===== Input data =====
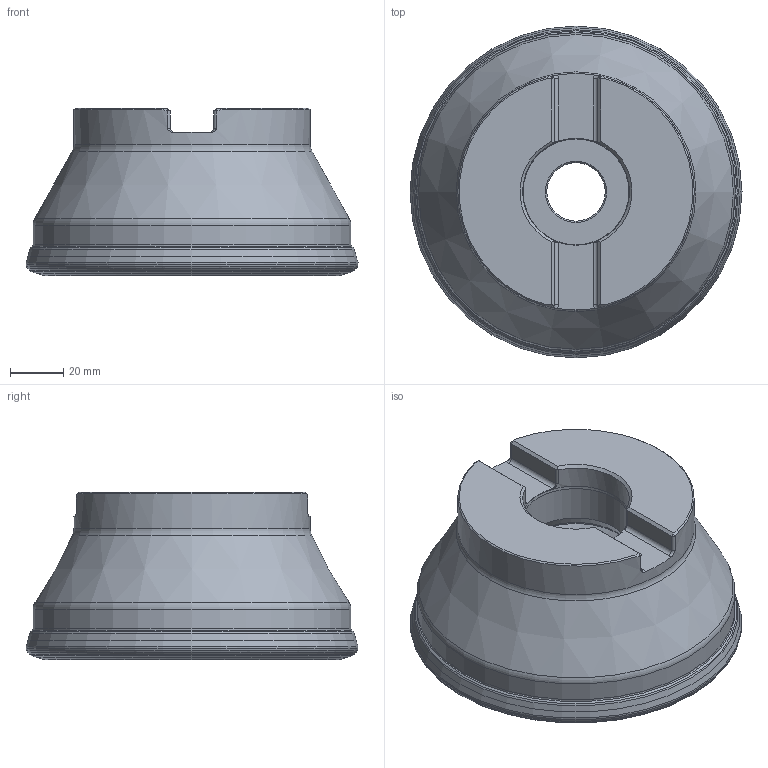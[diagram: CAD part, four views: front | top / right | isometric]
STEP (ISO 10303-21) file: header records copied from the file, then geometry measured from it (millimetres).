
FILE_DESCRIPTION(/* description */ (''),/* implementation_level */ '2;1');
FILE_NAME(/* name */ 'ax_step_export_ax_temp_1.stp',/* time_stamp */ '2019-05-13T16:40:59+02:00',/* author */ (''),/* organization */ (''),/* preprocessor_version */ 'ST-DEVELOPER v15',/* originating_system */ 'SIEMENS PLM Software NX 8.5',/* authorisation */ '');
FILE_SCHEMA (('AUTOMOTIVE_DESIGN { 1 0 10303 214 3 1 1 1 }'));
Length unit declared in the file: millimetre
Products named in the file (1): ax_temp_1
Bounding box: 124.94 x 124.88 x 63 mm (x, y, z)
Volume: 473112.8 mm3; surface area: 59445.7 mm2
Topology: 2 solids, 2 shells, 100 faces, 237 edges, 135 vertices
Faces by surface type: revolution 28, cylinder 20, plane 18, cone 17, torus 17
Full cylindrical faces by diameter (mm): 22 x1, 40.008 x1, 40.2 x1, 56.1 x1, 89 x1, 119.641 x1
Entity records: 3366 total; most frequent: CARTESIAN_POINT 805, DIRECTION 424, ORIENTED_EDGE 342, AXIS2_PLACEMENT_3D 176, EDGE_CURVE 171, EDGE_LOOP 154, VERTEX_POINT 125, FACE_BOUND 108
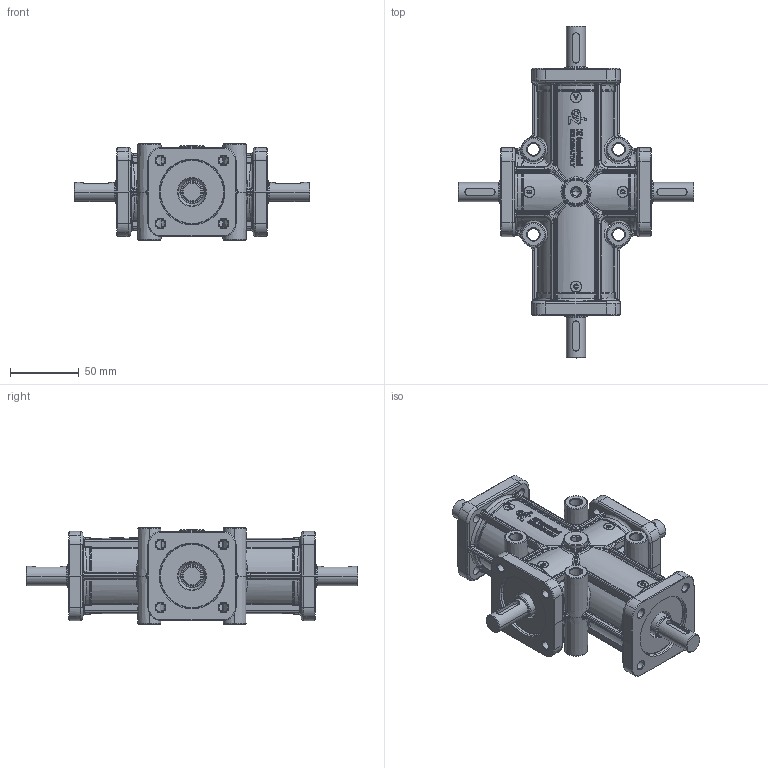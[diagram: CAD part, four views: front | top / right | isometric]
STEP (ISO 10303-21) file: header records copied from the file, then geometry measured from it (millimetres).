
FILE_DESCRIPTION(('STEP AP214'),'1');
FILE_NAME('4pabcd.stp','2017-07-10T09:18:05',('TraceParts'),('TraceParts S.A.'),'Spatial InterOp 3D',' ',' ');
FILE_SCHEMA(('automotive_design'));
Length unit declared in the file: millimetre
Products named in the file (1): zp_221–4pabcd
Bounding box: 172 x 242 x 70 mm (x, y, z)
Volume: 701496.6 mm3; surface area: 97254.5 mm2
Topology: 1 solids, 1 shells, 3588 faces, 9087 edges, 5448 vertices
Faces by surface type: bspline 1461, cylinder 1342, plane 440, torus 159, cone 150, sphere 36
Entity records: 224250 total; most frequent: CARTESIAN_POINT 117157, ORIENTED_EDGE 17950, DIRECTION 14364, EDGE_CURVE 8975, AXIS2_PLACEMENT_3D 5916, VERTEX_POINT 5456, EDGE_LOOP 3695, STYLED_ITEM 3589
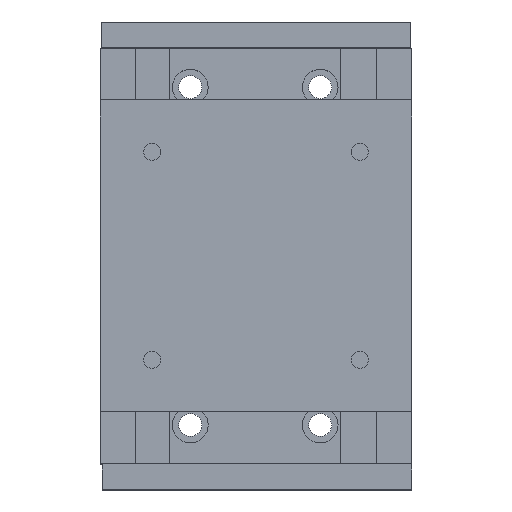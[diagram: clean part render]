
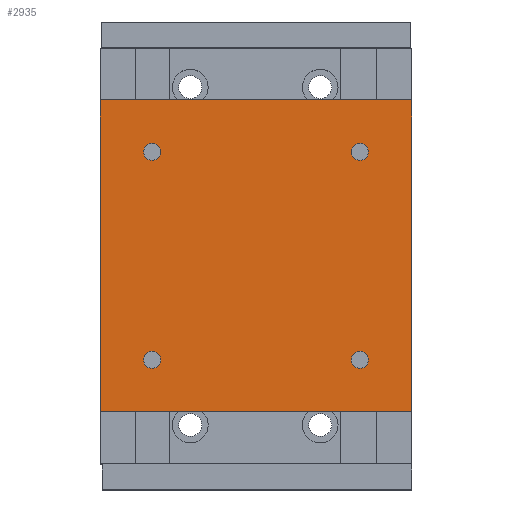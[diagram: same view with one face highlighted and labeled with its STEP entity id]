
A CAD part, top view. The second image highlights one B-rep face of the part: STEP entity #2935.
In plain terms, the highlighted planar face has unit normal (0, 0, 1).
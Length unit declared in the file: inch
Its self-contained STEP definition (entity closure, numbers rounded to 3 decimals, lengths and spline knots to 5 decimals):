
#2282=CARTESIAN_POINT('',(-0.918,-1.0,0.38125));
#2283=VERTEX_POINT('',#2282);
#2299=CARTESIAN_POINT('',(-1.082,-1.0,0.38125));
#2300=VERTEX_POINT('',#2299);
#2307=CARTESIAN_POINT('',(-1.0,-1.0,0.38125));
#2308=DIRECTION('',(0.0,0.0,-1.0));
#2309=DIRECTION('',(1.0,0.0,0.0));
#2310=AXIS2_PLACEMENT_3D('',#2307,#2308,#2309);
#2311=CIRCLE('',#2310,0.082);
#2312=EDGE_CURVE('',#2283,#2300,#2311,.T.);
#2345=CARTESIAN_POINT('',(1.082,1.0,0.38125));
#2346=VERTEX_POINT('',#2345);
#2362=CARTESIAN_POINT('',(0.918,1.0,0.38125));
#2363=VERTEX_POINT('',#2362);
#2370=CARTESIAN_POINT('',(1.0,1.0,0.38125));
#2371=DIRECTION('',(0.0,0.0,-1.0));
#2372=DIRECTION('',(1.0,0.0,0.0));
#2373=AXIS2_PLACEMENT_3D('',#2370,#2371,#2372);
#2374=CIRCLE('',#2373,0.082);
#2375=EDGE_CURVE('',#2346,#2363,#2374,.T.);
#2408=CARTESIAN_POINT('',(1.082,-1.0,0.38125));
#2409=VERTEX_POINT('',#2408);
#2425=CARTESIAN_POINT('',(0.918,-1.0,0.38125));
#2426=VERTEX_POINT('',#2425);
#2433=CARTESIAN_POINT('',(1.0,-1.0,0.38125));
#2434=DIRECTION('',(0.0,0.0,-1.0));
#2435=DIRECTION('',(1.0,0.0,0.0));
#2436=AXIS2_PLACEMENT_3D('',#2433,#2434,#2435);
#2437=CIRCLE('',#2436,0.082);
#2438=EDGE_CURVE('',#2409,#2426,#2437,.T.);
#2471=CARTESIAN_POINT('',(-0.918,1.0,0.38125));
#2472=VERTEX_POINT('',#2471);
#2488=CARTESIAN_POINT('',(-1.082,1.0,0.38125));
#2489=VERTEX_POINT('',#2488);
#2496=CARTESIAN_POINT('',(-1.0,1.0,0.38125));
#2497=DIRECTION('',(0.0,0.0,-1.0));
#2498=DIRECTION('',(1.0,0.0,0.0));
#2499=AXIS2_PLACEMENT_3D('',#2496,#2497,#2498);
#2500=CIRCLE('',#2499,0.082);
#2501=EDGE_CURVE('',#2472,#2489,#2500,.T.);
#2533=CARTESIAN_POINT('',(-1.0,1.0,0.38125));
#2534=DIRECTION('',(0.0,0.0,-1.0));
#2535=DIRECTION('',(1.0,0.0,0.0));
#2536=AXIS2_PLACEMENT_3D('',#2533,#2534,#2535);
#2537=CIRCLE('',#2536,0.082);
#2538=EDGE_CURVE('',#2489,#2472,#2537,.T.);
#2578=CARTESIAN_POINT('',(1.0,-1.0,0.38125));
#2579=DIRECTION('',(0.0,0.0,-1.0));
#2580=DIRECTION('',(1.0,0.0,0.0));
#2581=AXIS2_PLACEMENT_3D('',#2578,#2579,#2580);
#2582=CIRCLE('',#2581,0.082);
#2583=EDGE_CURVE('',#2426,#2409,#2582,.T.);
#2623=CARTESIAN_POINT('',(1.0,1.0,0.38125));
#2624=DIRECTION('',(0.0,0.0,-1.0));
#2625=DIRECTION('',(1.0,0.0,0.0));
#2626=AXIS2_PLACEMENT_3D('',#2623,#2624,#2625);
#2627=CIRCLE('',#2626,0.082);
#2628=EDGE_CURVE('',#2363,#2346,#2627,.T.);
#2668=CARTESIAN_POINT('',(-1.0,-1.0,0.38125));
#2669=DIRECTION('',(0.0,0.0,-1.0));
#2670=DIRECTION('',(1.0,0.0,0.0));
#2671=AXIS2_PLACEMENT_3D('',#2668,#2669,#2670);
#2672=CIRCLE('',#2671,0.082);
#2673=EDGE_CURVE('',#2300,#2283,#2672,.T.);
#2863=CARTESIAN_POINT('',(1.5,1.5,0.38125));
#2864=VERTEX_POINT('',#2863);
#2871=CARTESIAN_POINT('',(1.5,-1.5,0.38125));
#2872=VERTEX_POINT('',#2871);
#2873=CARTESIAN_POINT('',(1.5,-1.5,0.38125));
#2874=DIRECTION('',(0.0,1.0,0.0));
#2875=VECTOR('',#2874,3.0);
#2876=LINE('',#2873,#2875);
#2877=EDGE_CURVE('',#2872,#2864,#2876,.T.);
#2889=CARTESIAN_POINT('',(1.5,-1.5,0.38125));
#2890=DIRECTION('',(0.0,0.0,1.0));
#2891=DIRECTION('',(1.0,0.0,0.0));
#2892=AXIS2_PLACEMENT_3D('',#2889,#2890,#2891);
#2893=PLANE('',#2892);
#2894=CARTESIAN_POINT('',(-1.5,1.5,0.38125));
#2895=VERTEX_POINT('',#2894);
#2896=CARTESIAN_POINT('',(1.5,1.5,0.38125));
#2897=DIRECTION('',(-1.0,0.0,0.0));
#2898=VECTOR('',#2897,3.0);
#2899=LINE('',#2896,#2898);
#2900=EDGE_CURVE('',#2864,#2895,#2899,.T.);
#2901=ORIENTED_EDGE('',*,*,#2900,.T.);
#2902=CARTESIAN_POINT('',(-1.5,-1.5,0.38125));
#2903=VERTEX_POINT('',#2902);
#2904=CARTESIAN_POINT('',(-1.5,-1.5,0.38125));
#2905=DIRECTION('',(0.0,1.0,0.0));
#2906=VECTOR('',#2905,3.0);
#2907=LINE('',#2904,#2906);
#2908=EDGE_CURVE('',#2903,#2895,#2907,.T.);
#2909=ORIENTED_EDGE('',*,*,#2908,.F.);
#2910=CARTESIAN_POINT('',(1.5,-1.5,0.38125));
#2911=DIRECTION('',(-1.0,0.0,0.0));
#2912=VECTOR('',#2911,3.0);
#2913=LINE('',#2910,#2912);
#2914=EDGE_CURVE('',#2872,#2903,#2913,.T.);
#2915=ORIENTED_EDGE('',*,*,#2914,.F.);
#2916=ORIENTED_EDGE('',*,*,#2877,.T.);
#2917=EDGE_LOOP('',(#2901,#2909,#2915,#2916));
#2918=FACE_OUTER_BOUND('',#2917,.T.);
#2919=ORIENTED_EDGE('',*,*,#2501,.T.);
#2920=ORIENTED_EDGE('',*,*,#2538,.T.);
#2921=EDGE_LOOP('',(#2919,#2920));
#2922=FACE_BOUND('',#2921,.T.);
#2923=ORIENTED_EDGE('',*,*,#2438,.T.);
#2924=ORIENTED_EDGE('',*,*,#2583,.T.);
#2925=EDGE_LOOP('',(#2923,#2924));
#2926=FACE_BOUND('',#2925,.T.);
#2927=ORIENTED_EDGE('',*,*,#2375,.T.);
#2928=ORIENTED_EDGE('',*,*,#2628,.T.);
#2929=EDGE_LOOP('',(#2927,#2928));
#2930=FACE_BOUND('',#2929,.T.);
#2931=ORIENTED_EDGE('',*,*,#2312,.T.);
#2932=ORIENTED_EDGE('',*,*,#2673,.T.);
#2933=EDGE_LOOP('',(#2931,#2932));
#2934=FACE_BOUND('',#2933,.T.);
#2935=ADVANCED_FACE('',(#2918,#2922,#2926,#2930,#2934),#2893,.T.);
=====
▶ Task directions:
Could you retype exactly the lines above, starting at the line that contains "#2627=CIRCLE('',#2626,0.082);" and ending at the line that contains "#2924=ORIENTED_EDGE('',*,*,#2583,.T.);", and nothing more?

▶ Result for this exercise:
#2627=CIRCLE('',#2626,0.082);
#2628=EDGE_CURVE('',#2363,#2346,#2627,.T.);
#2668=CARTESIAN_POINT('',(-1.0,-1.0,0.38125));
#2669=DIRECTION('',(0.0,0.0,-1.0));
#2670=DIRECTION('',(1.0,0.0,0.0));
#2671=AXIS2_PLACEMENT_3D('',#2668,#2669,#2670);
#2672=CIRCLE('',#2671,0.082);
#2673=EDGE_CURVE('',#2300,#2283,#2672,.T.);
#2863=CARTESIAN_POINT('',(1.5,1.5,0.38125));
#2864=VERTEX_POINT('',#2863);
#2871=CARTESIAN_POINT('',(1.5,-1.5,0.38125));
#2872=VERTEX_POINT('',#2871);
#2873=CARTESIAN_POINT('',(1.5,-1.5,0.38125));
#2874=DIRECTION('',(0.0,1.0,0.0));
#2875=VECTOR('',#2874,3.0);
#2876=LINE('',#2873,#2875);
#2877=EDGE_CURVE('',#2872,#2864,#2876,.T.);
#2889=CARTESIAN_POINT('',(1.5,-1.5,0.38125));
#2890=DIRECTION('',(0.0,0.0,1.0));
#2891=DIRECTION('',(1.0,0.0,0.0));
#2892=AXIS2_PLACEMENT_3D('',#2889,#2890,#2891);
#2893=PLANE('',#2892);
#2894=CARTESIAN_POINT('',(-1.5,1.5,0.38125));
#2895=VERTEX_POINT('',#2894);
#2896=CARTESIAN_POINT('',(1.5,1.5,0.38125));
#2897=DIRECTION('',(-1.0,0.0,0.0));
#2898=VECTOR('',#2897,3.0);
#2899=LINE('',#2896,#2898);
#2900=EDGE_CURVE('',#2864,#2895,#2899,.T.);
#2901=ORIENTED_EDGE('',*,*,#2900,.T.);
#2902=CARTESIAN_POINT('',(-1.5,-1.5,0.38125));
#2903=VERTEX_POINT('',#2902);
#2904=CARTESIAN_POINT('',(-1.5,-1.5,0.38125));
#2905=DIRECTION('',(0.0,1.0,0.0));
#2906=VECTOR('',#2905,3.0);
#2907=LINE('',#2904,#2906);
#2908=EDGE_CURVE('',#2903,#2895,#2907,.T.);
#2909=ORIENTED_EDGE('',*,*,#2908,.F.);
#2910=CARTESIAN_POINT('',(1.5,-1.5,0.38125));
#2911=DIRECTION('',(-1.0,0.0,0.0));
#2912=VECTOR('',#2911,3.0);
#2913=LINE('',#2910,#2912);
#2914=EDGE_CURVE('',#2872,#2903,#2913,.T.);
#2915=ORIENTED_EDGE('',*,*,#2914,.F.);
#2916=ORIENTED_EDGE('',*,*,#2877,.T.);
#2917=EDGE_LOOP('',(#2901,#2909,#2915,#2916));
#2918=FACE_OUTER_BOUND('',#2917,.T.);
#2919=ORIENTED_EDGE('',*,*,#2501,.T.);
#2920=ORIENTED_EDGE('',*,*,#2538,.T.);
#2921=EDGE_LOOP('',(#2919,#2920));
#2922=FACE_BOUND('',#2921,.T.);
#2923=ORIENTED_EDGE('',*,*,#2438,.T.);
#2924=ORIENTED_EDGE('',*,*,#2583,.T.);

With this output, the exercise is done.